The forthcoming banquet will be intensely theatrical in all its aspects. I have been permitted to glance at the bill of fare wh ich will stand somewhat in this wise:
GRAND THEATRICAL BARBECUE.
To the Illustrious Winner of the $30,000 Suit.
OCCIDENTAL HOTEL, S. F. Nov. 1865
Roman Soldier Supes from the several Theaters.
Tepid, hot or Bemis McCool soup to order
Cattle, a la Setchell
Pates de-foi-Graves from the Opera House
Boned Turkey, a la Vestvali (sauced with Threats by Maguire.)
Child of the Regiment
Manager, with legal sauce, a al Maguire
Dear meat, a la Vestvali
Bare meat, a la Mazeppa
Tenderloin of Ruby
Bedeviled Manager, a la Maguire
Vestvali vs. Maguire
Stuffed Rhinoceros, from the Museum
Boiled and Mashed Tragedians
Baked Sweet Worrells
Beats - dead
Sawdust Pie, from the Circus
Educated Dog Pie, " "
Sedley Brown Bread.
Bandmann Puffs, a la Alta
Bandmann Minced Pies a la Chronicle
Maguire Pudding his foot in it. (Bad.)
Molasses and Water Claret, such as is used by Noblemen on the Stage
Stage Champagne, (Soda Pop, avec "Veuve Cliquot" label.)
That is the bill as far as it has been prepared. Of course large additions will be made to it yet. However, you can see by the foregoing that the banquet is going to be a brilliant affair. Nothing but this approaching sensation is talked of at the Occidental now.

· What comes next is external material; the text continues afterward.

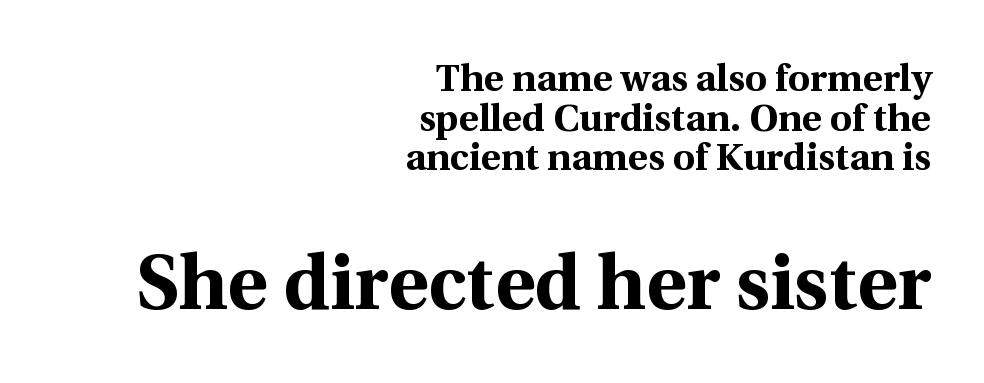
{"serif": "yes", "italic": "no", "bold": "yes", "weight": "bold", "width": "normal", "x_height": "medium", "monospaced": "no", "underline": "no", "align": "right", "line_spacing": "tight", "line_spacing_ratio": 1.04, "letter_spacing": "normal", "letter_spacing_em": 0.0, "larger_block": "second", "size_ratio": 2.03, "glyph_px": 77}

San Francisco Examiner, November 8, 1865
In dishing up the Vestvali vs. Maguire affair he says:
The case was dismissed upon Maguire's promising to leave Vestvali's bones intact. 'Tis well. There is a good deal of Vestvali, and she could not be happy without bones.
Again in dilating on the case of a discharged soldier who lately lost his money at faro - he says:
He has had the game keepers arrested. "Things are not now as they used to was." There is truth in that albeit the gem is set in bad grammar. No - in old times Pharaoh's gentle daughter took Moses out of the bulrushes and took him in and warmed him, kind soul! - but now, when a helpless Moses or a helpless Mars gets into the tiger-rushes old Faro takes him out himself and warms him. And though the result attained seems identical in the two cases, there is all the difference in the world when you come to examine into the thing carefully.
So, as I was saying, this soldier had the gamblers arrested. The name of one of the defendant is Howland - the other gentlemen are members of the Doe family. Haley lost $3,000 fighting the tiger three years ago, and I suppose he went at it this time under the encouraging impression that he had learned how to overcome the brute.
Of Blitz, the policeman, Mark remarks:
Blitz is a small man, but if there were eighteen more vacancies to fill in the police department, I think Blitz would come nearer filling the whole lot by himself and filling them well and doing justice to the position than any eighteen men in San Francisco. Blitz does an eternal sight of talking, but he does work enough for the city to cover the sin.
Portions from the San Francisco Examiner were reprinted in Mark Twain Journal, Spring, 1988, p. 23. "Dinner to the Winner" along with the spoof on the menu was reprinted in San Francisco Dramatic Chronicle of November 8, 1865.